Hypermedia is an old idea that dates back to at least the 1940s. The first proposal of a hypermedia system was in 1945 when Vannevar Bush proposed a system he called Memex. Despite being implemented with microfilm, Memex would be capable of things like indexing and searching linked content. The term hypermedia was coined in 1963 by Ted Nelson. Over the years there have been several implementations of hypermedia systems, but the concept didn't really explode until the early '90s when Tim Berners-Lee brought us the World Wide Web.

Hypermedia and REST

In a future post we'll get into the details of the formal definition of the REST architectural style and where hypermedia fits into that definition. But for now we'll use the Richardson Maturity Model (RMM) as a proxy to see where hypermedia fits into REST. RMM is a classification model for REST APIs. There are four levels, 0-3. As you go up the levels, more of the formal definition of REST is taken into account. Here they are very briefly.

Level 0 APIs pipe all requests through one URI and one HTTP method (usually POST).
Level 1 APIs employ many URIs, but still only use one HTTP method (usually POST).
Level 2 APIs have URIs that represent resources and use the HTTP methods to perform CRUD operations on those resources.
Level 3 APIs use self-descriptive messages that include hypermedia controls to drive the API.

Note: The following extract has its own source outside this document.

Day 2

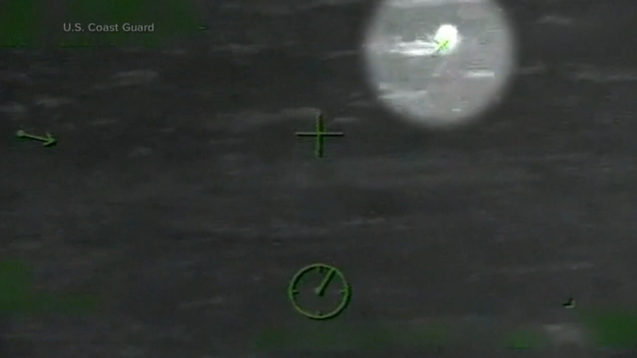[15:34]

Decoupling Client and Server

Level 2 is the REST we are most familiar with. In Level 3, we do all the Level 2 stuff, except we use a media type that allows us to define hypermedia controls. The benefit we get from using hypermedia is that we decouple the client from the server. The responsibility of knowing how different resources fit together and how the system changes state moves from the client to the server. This means that the server has much more freedom to change because changes to the server don't require changes to the client. On the web, the client is the browser.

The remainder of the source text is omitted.